## WHAT IS NEEDED
Where an image appears, leave it out; otherwise repeat the data exactly.

## DATA
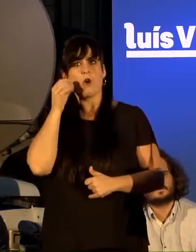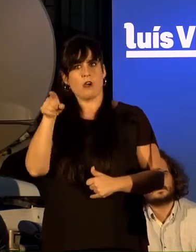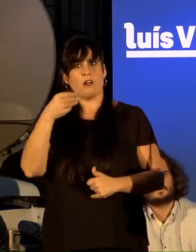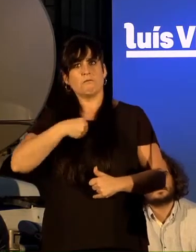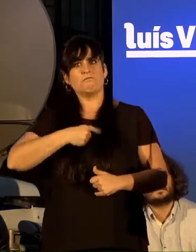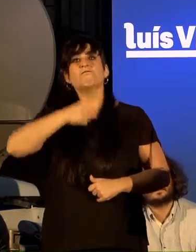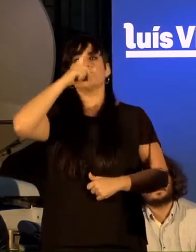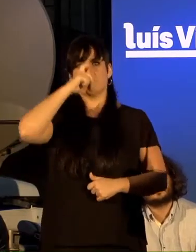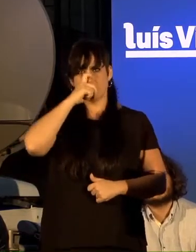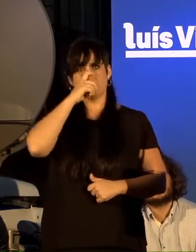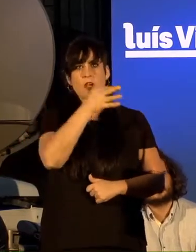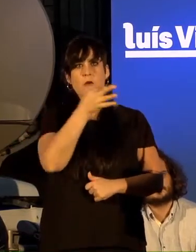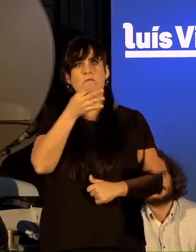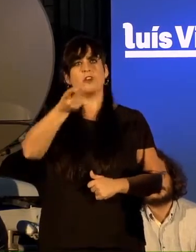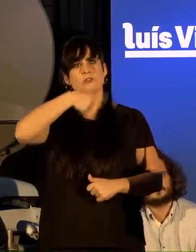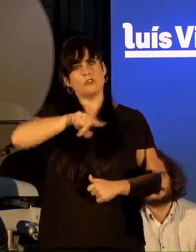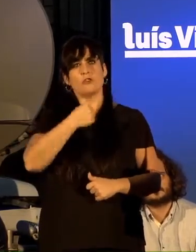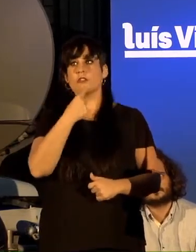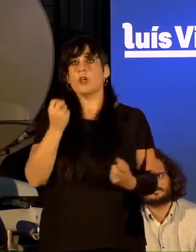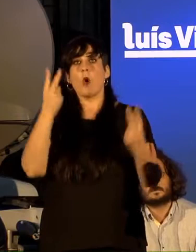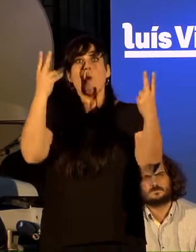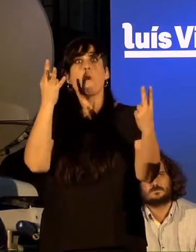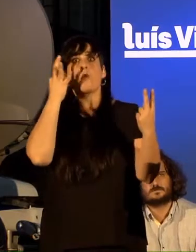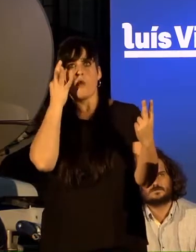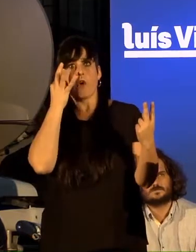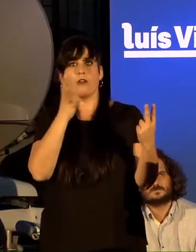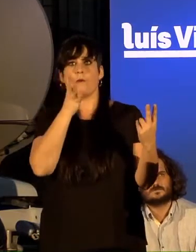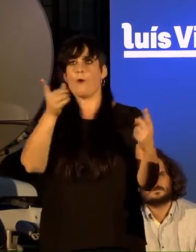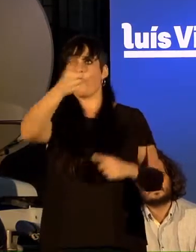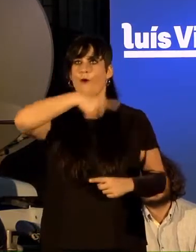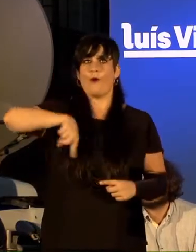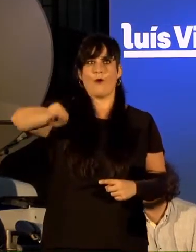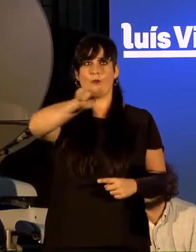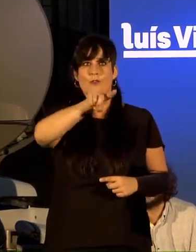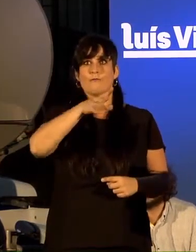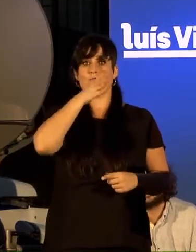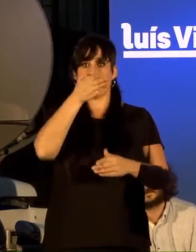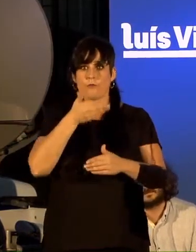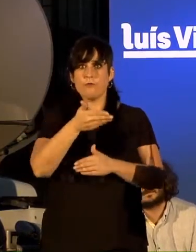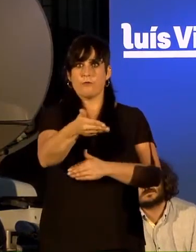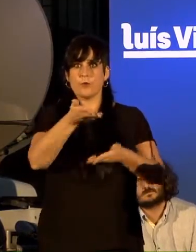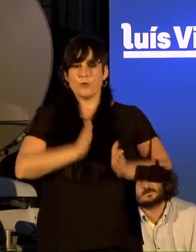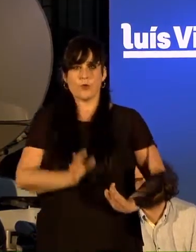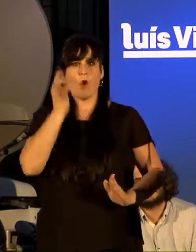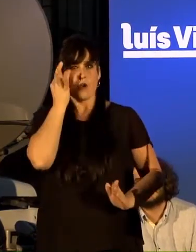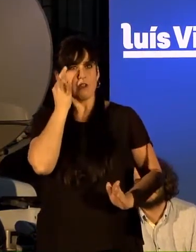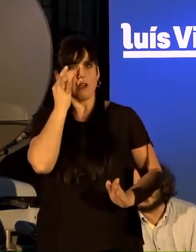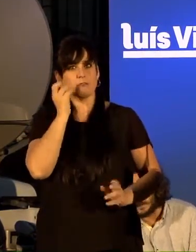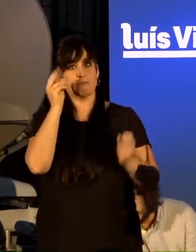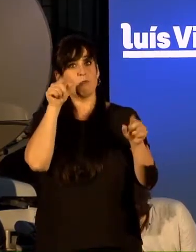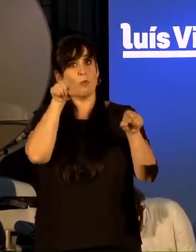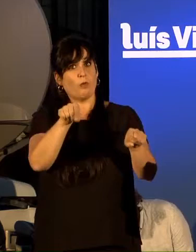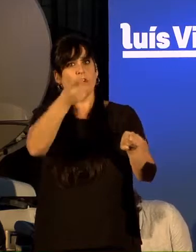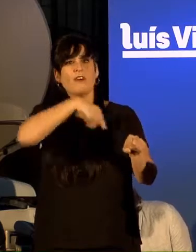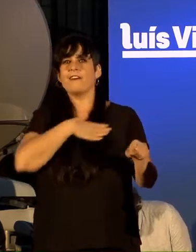e dicimos que por elas, polas que foron, pero sobre todo polas que estamos aquí, e polas que serán, polas nosas fillas, queremos un país xusto, un país xusto que
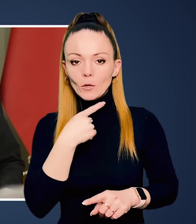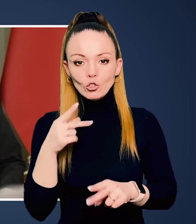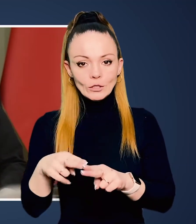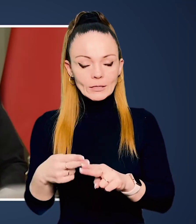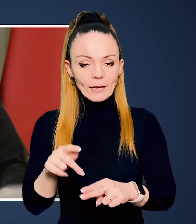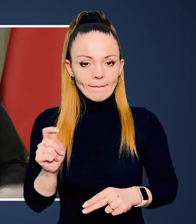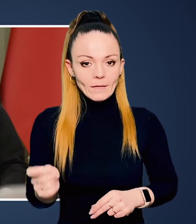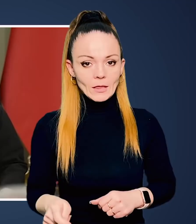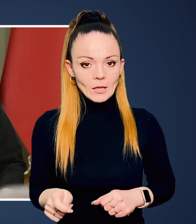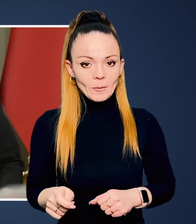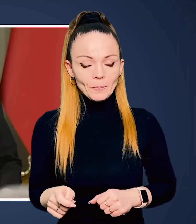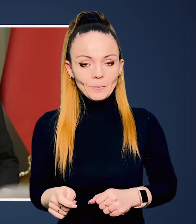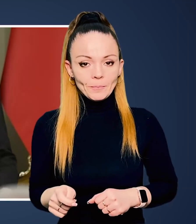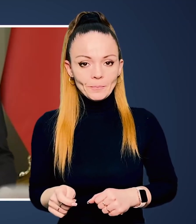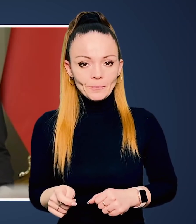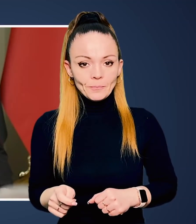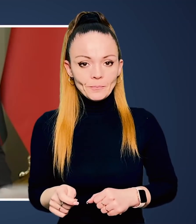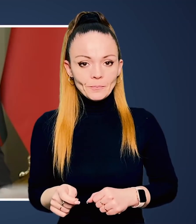обличчя цієї війни.
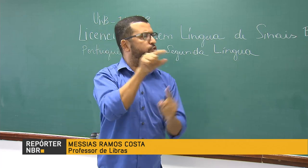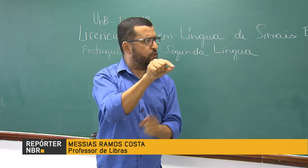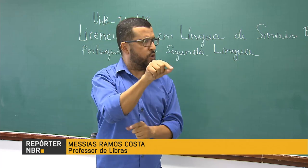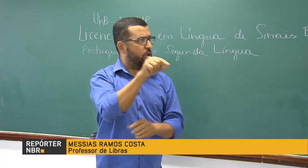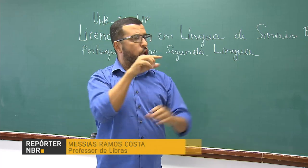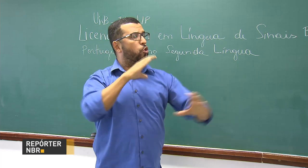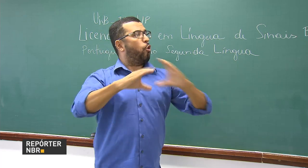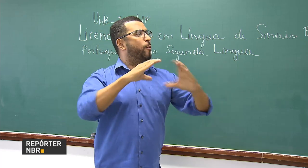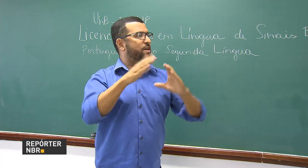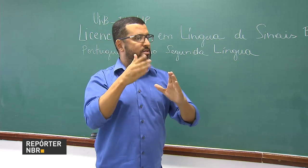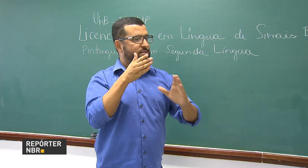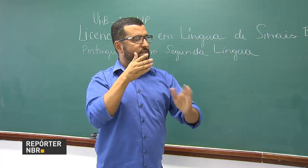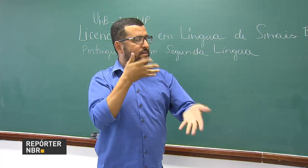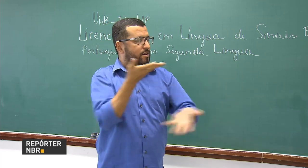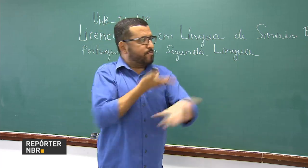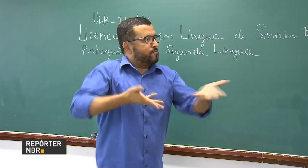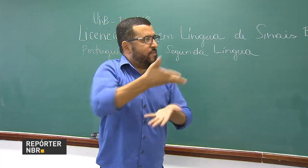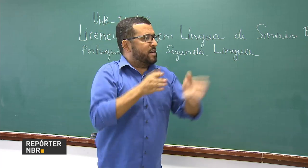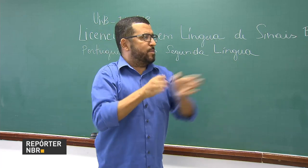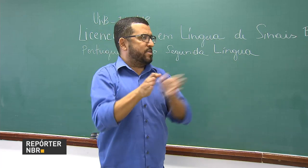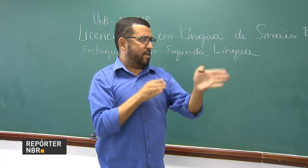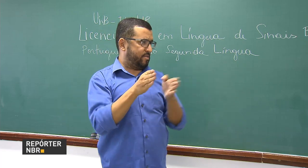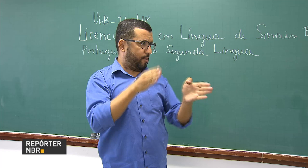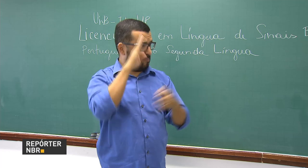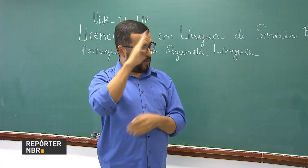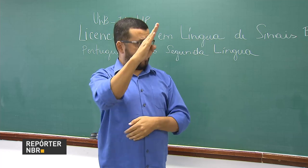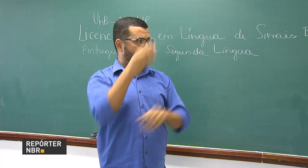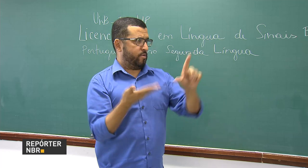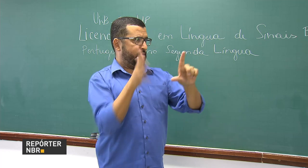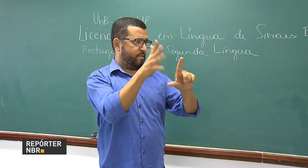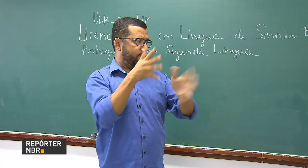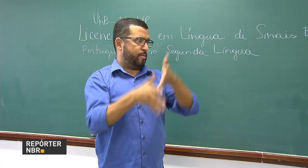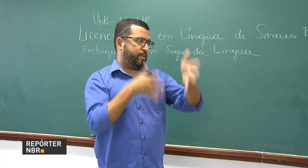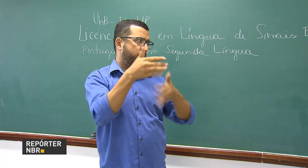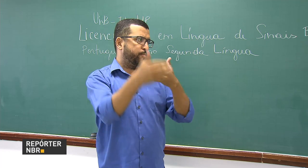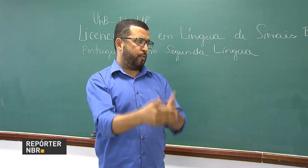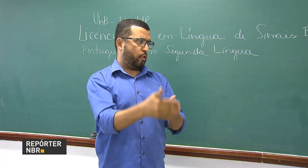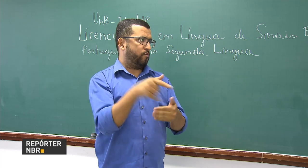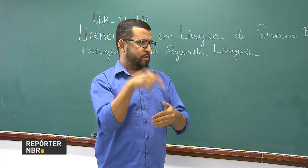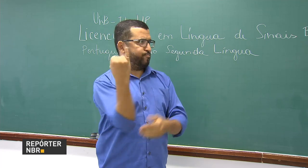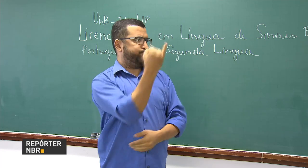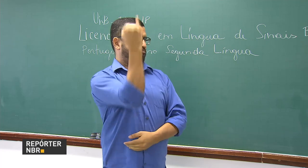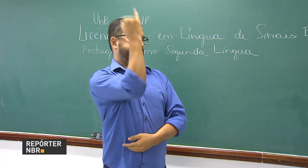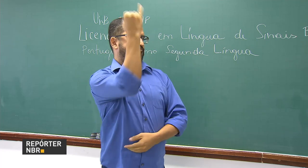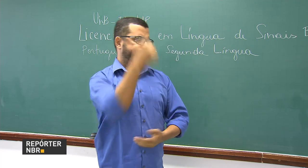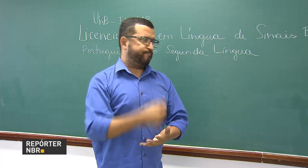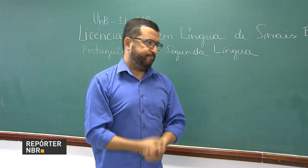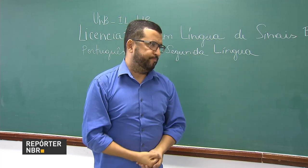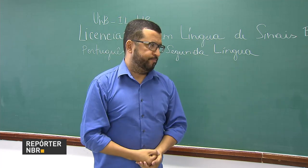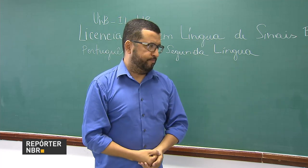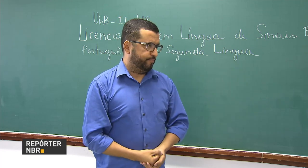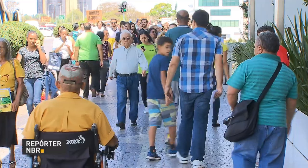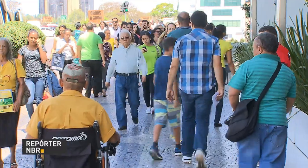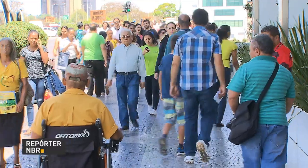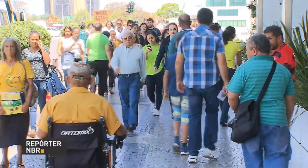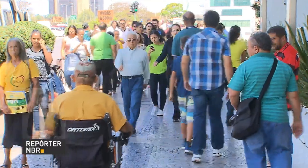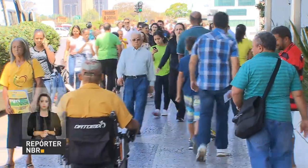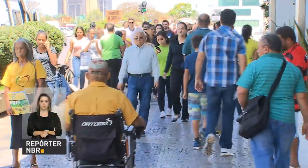vai ter o intérprete e a prova em Libras, porque o intérprete também significa acessibilidade naquele momento de prova. No Brasil, quase

## RESULT
e dicimos que por elas, polas que foron, pero sobre todo polas que estamos aquí, e polas que serán, polas nosas fillas, queremos un país xusto, un país xusto que
обличчя цієї війни.
vai ter o intérprete e a prova em Libras, porque o intérprete também significa acessibilidade naquele momento de prova. No Brasil, quase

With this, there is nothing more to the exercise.